Micro-Geographical Heterogeneity in Schistosoma mansoni and S. haematobium Infection and Morbidity in a Co-Endemic Community in Northern Senegal

Background

Schistosoma mansoni and S. haematobium are co-endemic in many areas in Africa. Yet, little is known about the micro-geographical distribution of these two infections or associated disease within such foci. Such knowledge could give important insights into the drivers of infection and disease and as such better tailor schistosomiasis control and elimination efforts.

Methodology

In a co-endemic farming community in northern Senegal (346 children (0–19 y) and 253 adults (20–85 y); n = 599 in total), we studied the spatial distribution of S. mansoni and S. haematobium single and mixed infections (by microscopy), S. mansoni-specific hepatic fibrosis, S. haematobium-specific urinary tract morbidity (by ultrasound) and water contact behavior (by questionnaire).

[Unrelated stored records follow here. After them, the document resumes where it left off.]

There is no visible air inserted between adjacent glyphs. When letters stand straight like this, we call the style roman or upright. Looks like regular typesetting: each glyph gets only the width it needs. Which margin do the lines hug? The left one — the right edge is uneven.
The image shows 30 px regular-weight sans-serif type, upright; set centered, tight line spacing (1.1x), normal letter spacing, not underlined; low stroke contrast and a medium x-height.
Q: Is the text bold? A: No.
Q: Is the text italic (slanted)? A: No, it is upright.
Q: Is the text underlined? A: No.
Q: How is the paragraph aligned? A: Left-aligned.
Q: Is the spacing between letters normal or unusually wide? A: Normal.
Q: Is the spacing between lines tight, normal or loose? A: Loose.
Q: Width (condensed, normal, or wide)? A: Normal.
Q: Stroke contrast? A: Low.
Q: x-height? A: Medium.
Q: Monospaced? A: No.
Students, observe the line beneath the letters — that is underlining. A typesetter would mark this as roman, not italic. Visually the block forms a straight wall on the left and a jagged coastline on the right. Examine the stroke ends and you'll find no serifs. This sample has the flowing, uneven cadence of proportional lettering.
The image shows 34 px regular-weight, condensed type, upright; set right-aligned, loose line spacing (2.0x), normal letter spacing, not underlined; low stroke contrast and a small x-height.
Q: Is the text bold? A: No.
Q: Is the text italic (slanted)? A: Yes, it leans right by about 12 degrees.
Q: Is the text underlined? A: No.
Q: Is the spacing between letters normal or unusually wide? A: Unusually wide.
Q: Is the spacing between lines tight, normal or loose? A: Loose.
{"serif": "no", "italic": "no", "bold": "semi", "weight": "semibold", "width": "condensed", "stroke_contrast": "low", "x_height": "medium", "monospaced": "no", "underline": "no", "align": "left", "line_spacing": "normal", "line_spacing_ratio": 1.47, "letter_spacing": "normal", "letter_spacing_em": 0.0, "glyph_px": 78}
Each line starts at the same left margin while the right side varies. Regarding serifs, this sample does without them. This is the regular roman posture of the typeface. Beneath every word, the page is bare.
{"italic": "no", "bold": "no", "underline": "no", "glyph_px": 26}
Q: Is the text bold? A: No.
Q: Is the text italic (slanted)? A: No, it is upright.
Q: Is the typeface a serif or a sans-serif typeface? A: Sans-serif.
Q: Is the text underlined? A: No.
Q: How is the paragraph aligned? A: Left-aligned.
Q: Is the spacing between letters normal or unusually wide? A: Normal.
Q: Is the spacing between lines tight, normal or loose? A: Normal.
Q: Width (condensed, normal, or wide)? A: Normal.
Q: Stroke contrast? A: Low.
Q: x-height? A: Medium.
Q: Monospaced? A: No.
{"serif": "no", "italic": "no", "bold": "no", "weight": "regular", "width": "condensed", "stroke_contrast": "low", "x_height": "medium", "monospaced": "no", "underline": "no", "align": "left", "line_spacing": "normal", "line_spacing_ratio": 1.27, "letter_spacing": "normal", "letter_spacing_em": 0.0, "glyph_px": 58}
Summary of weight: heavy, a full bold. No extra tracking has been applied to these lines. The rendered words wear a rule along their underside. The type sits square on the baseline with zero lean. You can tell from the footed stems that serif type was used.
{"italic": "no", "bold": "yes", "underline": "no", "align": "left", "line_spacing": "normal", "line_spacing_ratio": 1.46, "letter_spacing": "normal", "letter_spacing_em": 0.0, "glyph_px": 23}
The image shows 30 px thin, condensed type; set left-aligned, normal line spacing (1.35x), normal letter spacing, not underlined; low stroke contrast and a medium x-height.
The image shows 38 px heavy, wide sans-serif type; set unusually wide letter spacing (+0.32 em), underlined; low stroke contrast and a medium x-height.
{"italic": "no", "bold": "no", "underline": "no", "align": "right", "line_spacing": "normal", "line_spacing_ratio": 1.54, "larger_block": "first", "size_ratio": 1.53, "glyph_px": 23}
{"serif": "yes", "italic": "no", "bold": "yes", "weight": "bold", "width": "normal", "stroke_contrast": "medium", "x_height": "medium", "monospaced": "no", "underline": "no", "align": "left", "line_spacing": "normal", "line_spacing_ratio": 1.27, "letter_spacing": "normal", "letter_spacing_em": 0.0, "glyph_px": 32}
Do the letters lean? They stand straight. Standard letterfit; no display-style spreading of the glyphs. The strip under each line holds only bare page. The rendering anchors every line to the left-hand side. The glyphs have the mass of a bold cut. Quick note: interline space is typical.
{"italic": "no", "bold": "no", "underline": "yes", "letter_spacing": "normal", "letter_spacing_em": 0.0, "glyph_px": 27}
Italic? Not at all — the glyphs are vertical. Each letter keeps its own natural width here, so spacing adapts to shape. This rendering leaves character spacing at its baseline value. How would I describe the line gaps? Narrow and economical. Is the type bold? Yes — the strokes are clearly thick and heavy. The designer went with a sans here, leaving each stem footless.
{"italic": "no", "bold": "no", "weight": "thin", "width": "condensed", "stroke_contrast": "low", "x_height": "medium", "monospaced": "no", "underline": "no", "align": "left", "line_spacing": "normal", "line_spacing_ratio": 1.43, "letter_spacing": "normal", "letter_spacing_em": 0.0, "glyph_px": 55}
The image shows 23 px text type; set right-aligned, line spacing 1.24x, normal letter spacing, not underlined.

The Kulldorff''s scan statistic was used to detect spatial clusters of infection and morbidity, adjusted for the spatial distribution of gender and age.

Principal Findings

Schistosoma mansoni and S. haematobium infection densities clustered in different sections of the community (p = 0.002 and p = 0.023, respectively), possibly related to heterogeneities in the use of different water contact sites. While the distribution of urinary tract morbidity was homogeneous, a strong geospatial cluster was found for severe hepatic fibrosis (p = 0.001). Particularly those people living adjacent to the most frequently used water contact site were more at risk for more advanced morbidity (RR = 6.3; p = 0.043).

Conclusions/Significance

Schistosoma infection and associated disease showed important micro-geographical heterogeneities with divergent patterns for S. mansoni and S. haematobium in this Senegalese community. Further in depth investigations are needed to confirm and explain our observations. The present study indicates that local geospatial patterns should be taken into account in both research and control of schistosomiasis. The observed extreme focality of schistosomiasis even at community level, suggests that current strategies may not suffice to move from morbidity control to elimination of schistosomiasis, and calls for less uniform measures at a finer scale.